Tuesday 23 December 2014

Maybe I do have personality problems.

A few months back I posted about Psychopathy and wondered if I maybe had psychopathic tendencies.  At the time it was said as a joke, but I am wondering more and more whether I do actually have issues.

If I read about someone else's problems I often think 'so what?'  I don't mean really serious problems or illnesses, I'm not that much of a bitch, but when people have had things going their way and then suddenly they don't I feel a bit too much joy.

I have suffered with depression for over 10 years, most of those spent trying to self-treat, but I always held down a job so when I read that people are 'too depressed to work' but not too depressed to go out every day with friends, or not too depressed to get pregnant, or not too depressed to go on holiday (that's another annoyance, if you never work, why do you need, and how can you afford, a holiday?), I get very angry with them.

When people claim they have no friends, and no money, and no-one to help with anything, then in their next breath are talking about their 'very good friends' and spending money on unnecessary things I get very angry.

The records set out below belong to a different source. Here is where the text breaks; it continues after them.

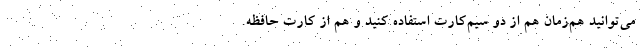
می‌توانید هم‌زمان هم از دو سیم‌کارت استفاده کنید و هم از کارت حافظه.
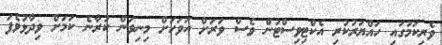
ވެރިކަމުގައި ހައްޔަރުކުރި އެކްޓިވިސްޓުން ވެސް ވަރަށް އަވަހަށް މިނިވަން ކުރާނެ ކަމަށް ވިދާޅުވެފަ
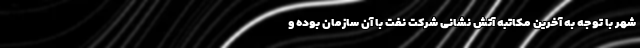
شهر با توجه به آخرین مکاتبه آتش نشانی شرکت نفت با آن سازمان بوده و
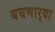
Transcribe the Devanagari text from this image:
बघणार्‍या

When people announce they are pregnant, I get intensely jealous.

When I am feeling particularly low, and post or say something on one of my substitute friends (also known as facebook and twitter) and I get ignored, fair enough I am used to being ignored, but when someone else posts almost exactly the same thing and gets replies offering hope, help and companionship, I get very angry.

On the rare occasion that someone does say something nice to me, I can't cope and tend to dissolve into floods of tears.  If someone is shouting at me or telling me how useless I am, I just stand there and take it, no problem.

I don't find things funny that everyone else seems to.

I hate change that affects me.  

Little things that others ignore annoy me.


The recent tragedies in Glasgow and Cairns have left me unmoved, I'm not personally affected so therefore they are off my emotional radar.  And yet I donate to animal charities on an almost monthly basis and abused animals leave me in tears.  When I see that a pet has been stolen I am in tears.  When I see an old animal I am in tears.

Am I normal?  Is there something missing or not firing properly in my brain?  Should I try and get counselling?